--- START ---
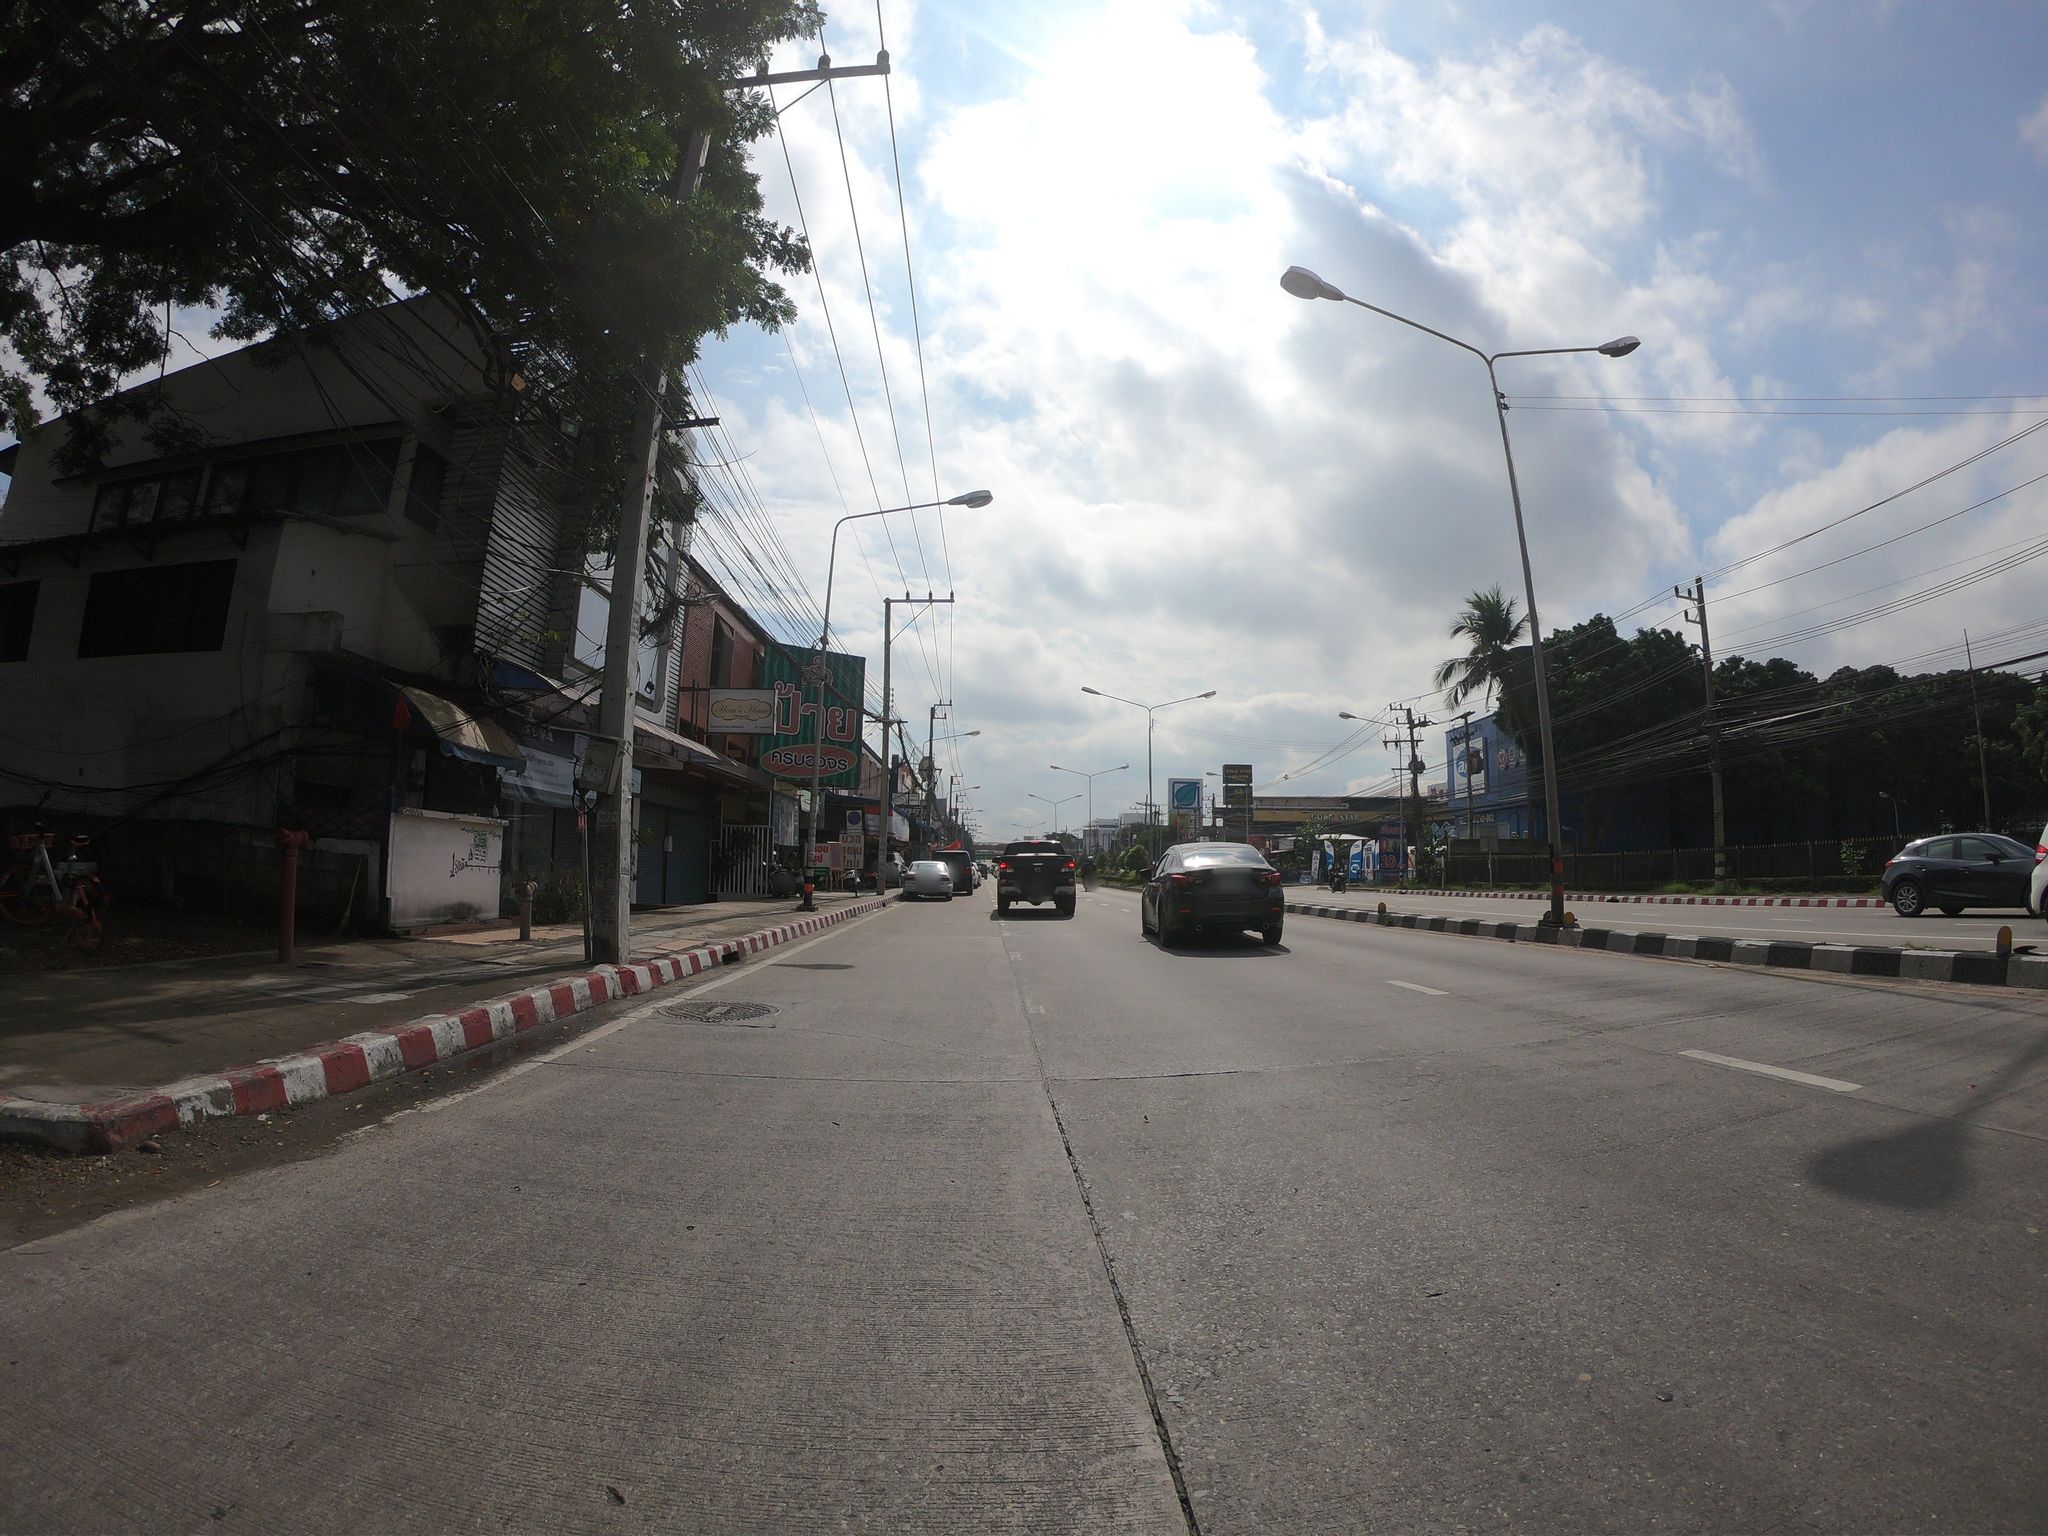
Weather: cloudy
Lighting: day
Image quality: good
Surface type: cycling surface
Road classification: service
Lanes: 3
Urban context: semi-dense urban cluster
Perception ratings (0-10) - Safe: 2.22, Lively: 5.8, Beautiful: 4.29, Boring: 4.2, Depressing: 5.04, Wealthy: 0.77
--- END ---
--- START ---
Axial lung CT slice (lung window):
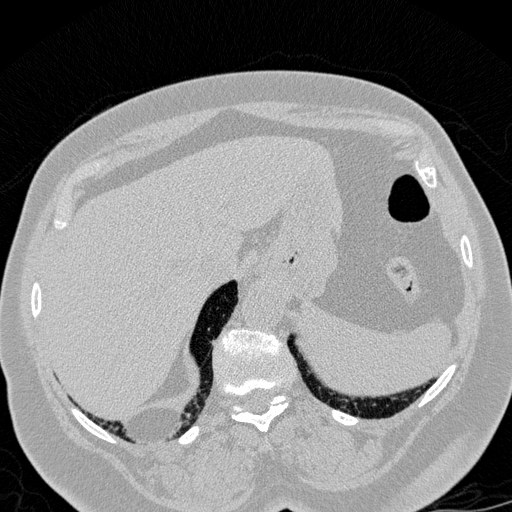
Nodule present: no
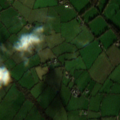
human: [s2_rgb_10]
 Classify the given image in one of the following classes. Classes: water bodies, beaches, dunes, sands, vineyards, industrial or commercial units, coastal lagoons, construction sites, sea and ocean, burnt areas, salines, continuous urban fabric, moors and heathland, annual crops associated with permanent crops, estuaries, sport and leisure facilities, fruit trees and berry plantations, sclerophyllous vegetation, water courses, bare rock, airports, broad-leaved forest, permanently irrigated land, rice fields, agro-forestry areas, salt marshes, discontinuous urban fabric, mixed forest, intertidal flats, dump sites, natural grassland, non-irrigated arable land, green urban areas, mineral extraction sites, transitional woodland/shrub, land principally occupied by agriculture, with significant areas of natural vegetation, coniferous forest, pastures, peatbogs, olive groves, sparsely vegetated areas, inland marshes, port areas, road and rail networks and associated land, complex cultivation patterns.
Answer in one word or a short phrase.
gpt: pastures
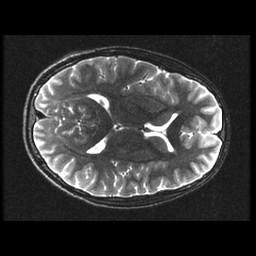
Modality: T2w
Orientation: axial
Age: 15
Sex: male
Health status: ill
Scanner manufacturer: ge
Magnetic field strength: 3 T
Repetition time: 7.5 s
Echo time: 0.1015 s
--- END ---
--- START ---
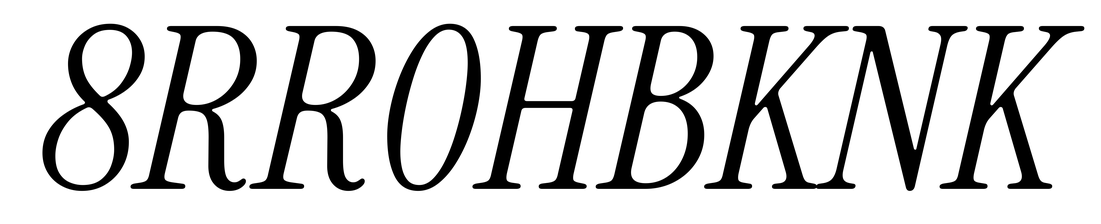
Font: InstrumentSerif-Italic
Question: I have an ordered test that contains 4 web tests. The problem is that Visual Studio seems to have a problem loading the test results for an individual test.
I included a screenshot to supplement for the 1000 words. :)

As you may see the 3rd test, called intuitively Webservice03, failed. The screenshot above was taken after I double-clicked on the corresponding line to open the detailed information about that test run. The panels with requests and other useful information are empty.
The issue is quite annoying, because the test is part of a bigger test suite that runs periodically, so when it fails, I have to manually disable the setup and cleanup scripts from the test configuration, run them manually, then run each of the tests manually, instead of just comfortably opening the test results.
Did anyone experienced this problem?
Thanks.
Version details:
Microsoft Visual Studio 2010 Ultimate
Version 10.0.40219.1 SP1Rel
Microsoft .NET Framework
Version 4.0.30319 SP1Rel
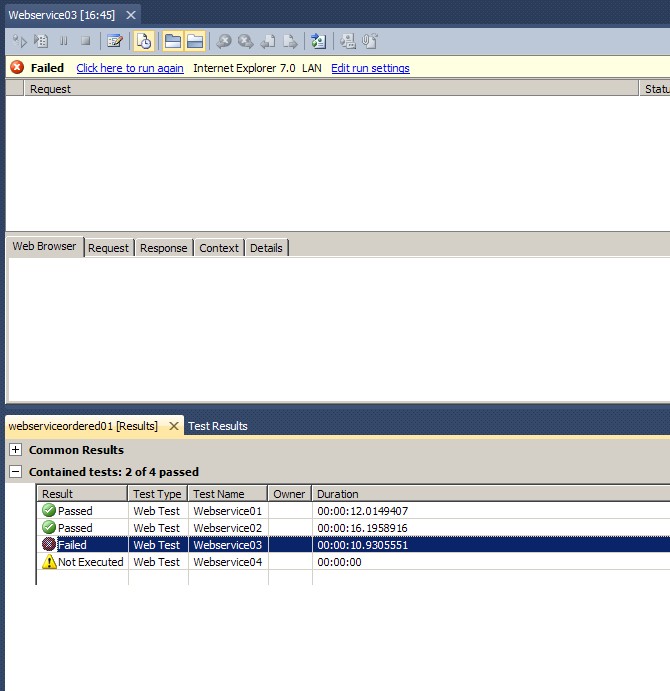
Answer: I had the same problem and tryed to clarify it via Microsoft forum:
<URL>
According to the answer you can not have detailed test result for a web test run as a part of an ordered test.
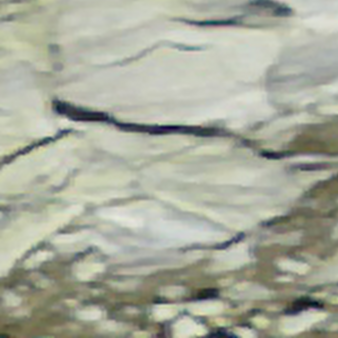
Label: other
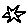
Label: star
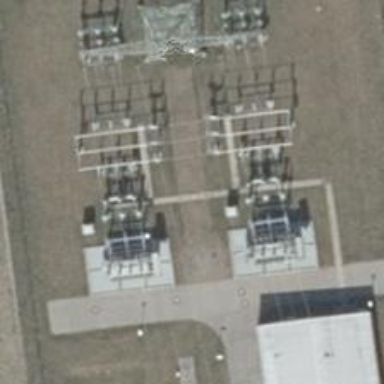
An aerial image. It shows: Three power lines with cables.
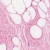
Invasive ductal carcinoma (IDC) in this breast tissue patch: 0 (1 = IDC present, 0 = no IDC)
--- END ---
**The task:** Only the lines above starting with the one with "Weather: cloudy" and going through the one with "Perception ratings (0-10)" are to be copied, word for word and with both ends kept.

**Exercise answer:**
Weather: cloudy
Lighting: day
Image quality: good
Surface type: cycling surface
Road classification: service
Lanes: 3
Urban context: semi-dense urban cluster
Perception ratings (0-10) - Safe: 2.22, Lively: 5.8, Beautiful: 4.29, Boring: 4.2, Depressing: 5.04, Wealthy: 0.77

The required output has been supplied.